3.2 Electromagnetic field

Electromagnetic field in the ESC consists of the electrostatic field and steady magnetic field. In this study, the magnetic field applied in the ESC can be considered to be uniformly distributed and doesn’t change with time, which doesn’t involve solving Maxwell equations. The magnetic field makes the charged particles generate the Lorentz force, which is loaded into the dynamic control equation of particles.

Due to the symmetry of ESC structure and application way of corona wire, the electric field in the coordinates is constant along the axial and the circular direction, and only changes in the radial direction. Thus, the electric field strength $E$ can be obtained as [23]

$\displaystyle E=-\sqrt{\frac{I}{2\pi b_{\textit{eff}}\varepsilon_{0}}+\frac{C^% {2}}{r^{2}}}$ (3)

in which, $I$ denotes the current per unit of corona wire (A/m), and $r$ is the radial distance from a point in the space to the corona wire (m). $\varepsilon_{0}$ and $C$ represent the permittivity of free space and integration constant.
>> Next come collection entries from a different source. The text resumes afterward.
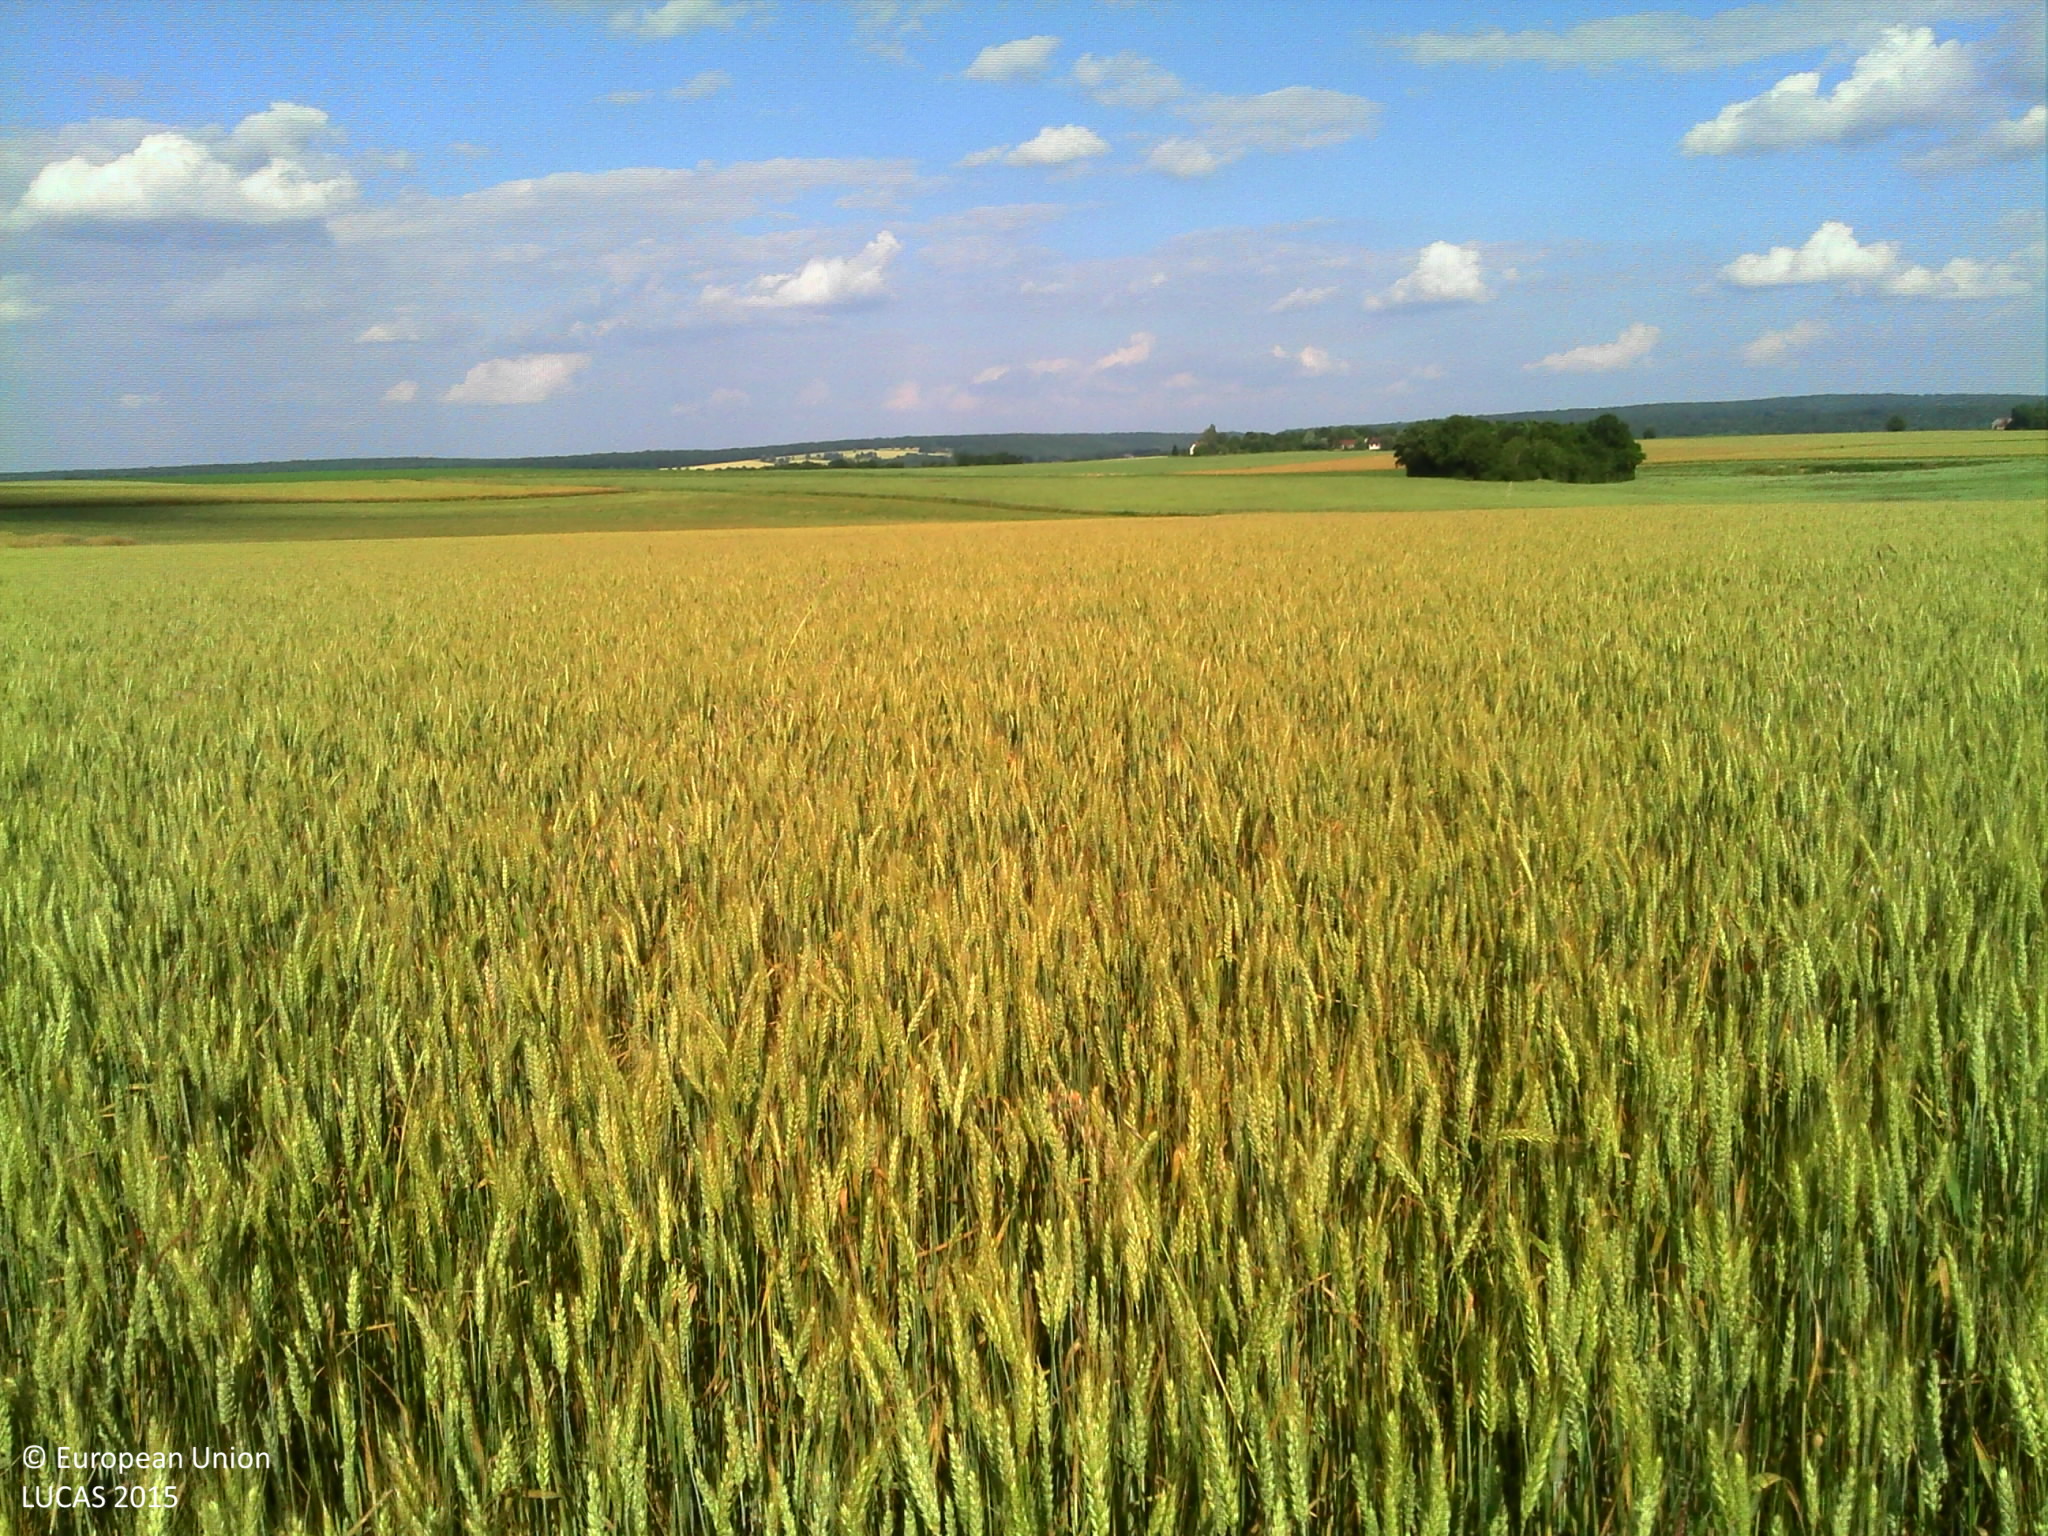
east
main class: Cropland
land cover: Common wheat
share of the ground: > 75 %
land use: Agriculture (excluding fallow land and kitchen gardens)
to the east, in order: Common wheat
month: June
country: FR
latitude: 47.4173
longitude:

The effective mobility $b_{\textit{eff}}$ is composed of dust particles mobility $b_{pc}$ and ions mobility $b_{\textit{ion}}$ , $b_{\textit{ion}}=$ 2.2 $\times$ 10 ${}^{-4}$ (m ${}^{2}$ /(V $\cdot$ s)), $b_{pc}=$ 5 $\times$ 10 ${}^{-7}$ (m ${}^{2}$ /(V $\cdot$ s)). Compared with $b_{\textit{ion}}$ , $b_{pc}$ can be ignored, so $b_{\textit{eff}}$ is actually the ion mobility $b_{\textit{ion}}$ .

3.3 Particle dynamic field

When the forces acting on dust particles are analyzed, some relatively low secondary forces can be neglected, and there are only electric field force $F_{e}$ , Lorentz force $F_{m}$ , and the drag force $F_{D}$ worthy of consideration [18]. In this case, the mass conservation equation and the momentum conservation equation of particles are respectively given as follows [24]
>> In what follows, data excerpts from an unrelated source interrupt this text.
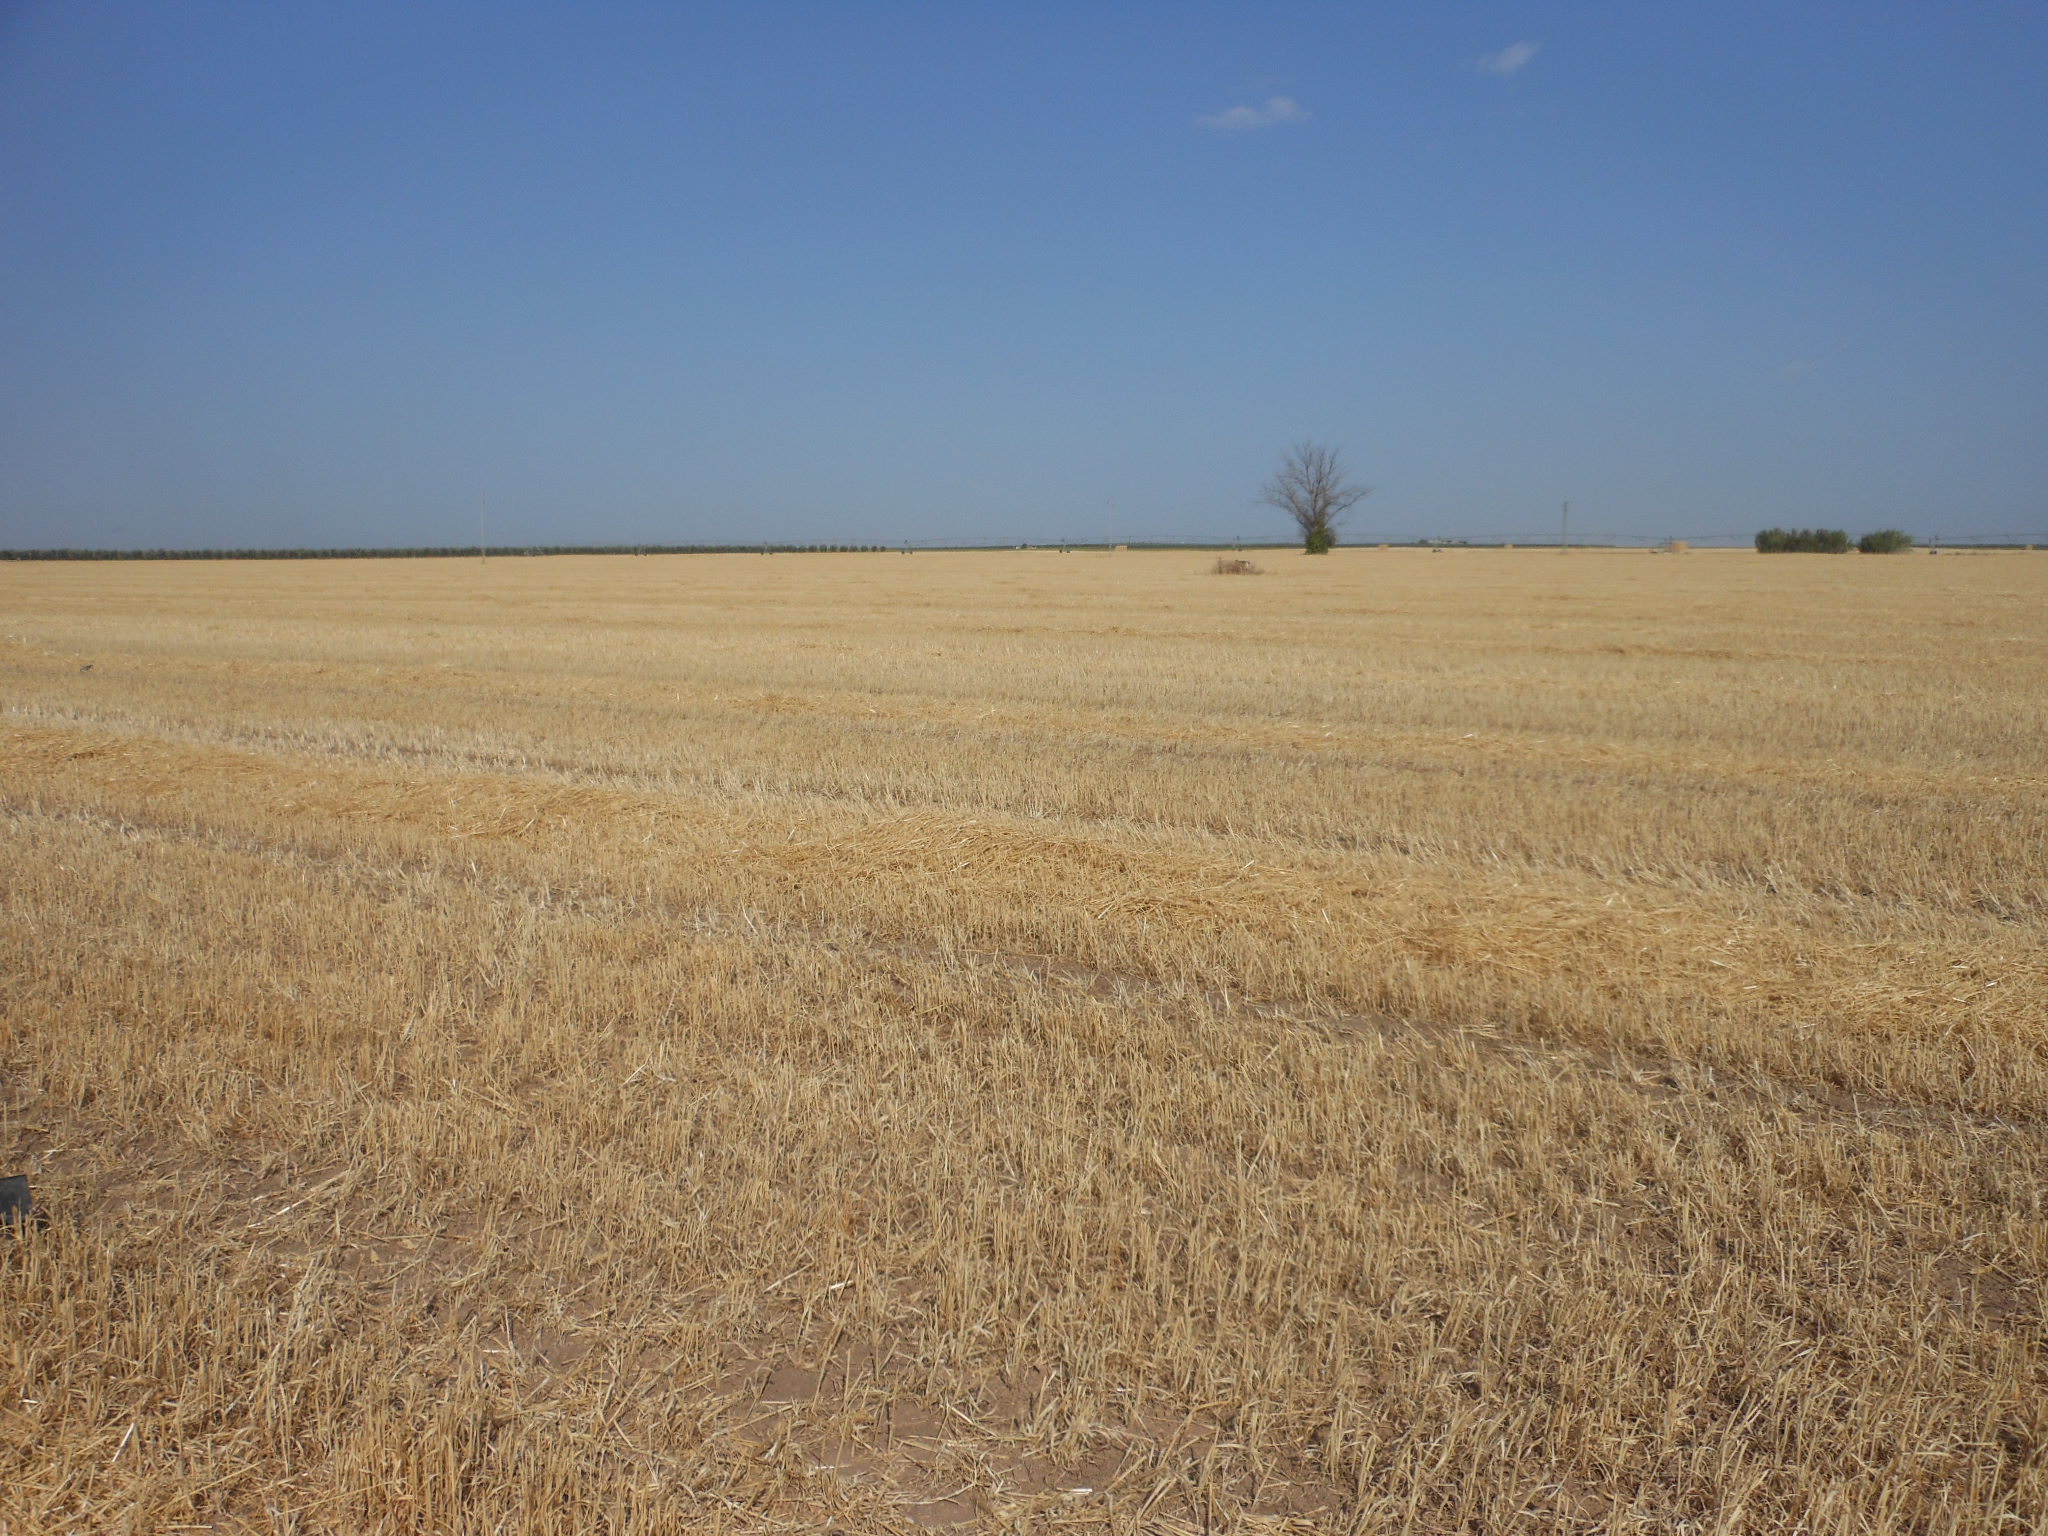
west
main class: Cropland
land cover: Common wheat
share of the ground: < 10 %
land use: Agriculture (excluding fallow land and kitchen gardens)
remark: Harvested field
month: June
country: ES
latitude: 37.3013
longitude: -5.1379

$\displaystyle\frac{\partial n_{p}}{\partial t}+\frac{\partial}{\partial x}(u_{% j}\cdot n_{p})=0$ (4) $\displaystyle m_{p}\frac{du_{j}}{dt}=F_{m}+F_{e}+F_{Dj}$ (5)

where, $n_{p}$ and $m_{p}$ are separately unit volume of particle number concentration (L/m ${}^{3}$ ) and the particle mass (kg), and $u_{j}$ denotes the particle velocities (m/s) in $j$ direction ( $j=$ 1, 2, 3 represents the direction of $x, y, z$ ).

4. CFD model

4.1 Boundary conditions

The boundary of solution domain in the outer vortex ESC includes inlet and outlet of flue gas, ash export, corona wire surface and axis of corona line. No slip is used at ash export surface, and the wall roughness is set as the default value. The wall is the main source of vortex, so setting the wall boundary condition has a great influence on the numerical calculation. In the vicinity of the wall, due to the enhancing viscosity action and the weakening turbulent diffusion effect, the standard wall function method is adopted to calculate the surfaces of collection electrode and corona wire. The above settings are shown in Table 1, where $\bar{T}_{i}$ and $D_{q}$ are respectively the turbulence intensity and the equivalent diameter of the ESC inlet. The boundary conditions of dispersed phase of dust particles are also listed in Table 1. In addition, the space charge density can be regarded as a constant, so $\nabla\rho=$ 0 is set on the boundaries of inlet, outlet and corona wire surface.

Table 1
Boundary conditions of outer vortex ESC

	$x$ -velocity	$y$ -velocity	$z$ -velocity	$U$	$k$	$\varepsilon$	Particle
Inlet	$u=u_{0}$	$v=$ 0	$w=$ 0	$\nabla U=$ 0	$3\bar{T}_{i}^{2}u_{i}^{2}$ /2	0.05 $k^{1.5}D_{q}$	Escape
Outlet	Pressure	Pressure	Pressure	$\nabla U=$ 0	$\partial k/\partial x=$ 0	$\partial\varepsilon/\partial x=$ 0	Escape
Corona wire	No slip	No slip	No slip	$U=U_{0}$	wall-function	wall-function	Reflect
Collection plate	No slip	No slip	No slip	$U=0$	wall-function	wall-function	Trap

5. Results and discussion

5.1 Optimized design of physical model

Combined with the principle of ‘trajectories of charged particles can be effectively controlled due to electromagnetic field’, four corona wires with a length of 190 mm are evenly arranged along the circumference at a half position between the central channel and the cylinder wall. Then the magnetic field is exerted in the direction parallel to the axis of ESC and perpendicular to the direction of electric field, which makes particles charged more fully so as to achieve the optimum design of ESC model.

Figure 2.

Schematic diagram of dust-removal mechanism in electromagnetic field.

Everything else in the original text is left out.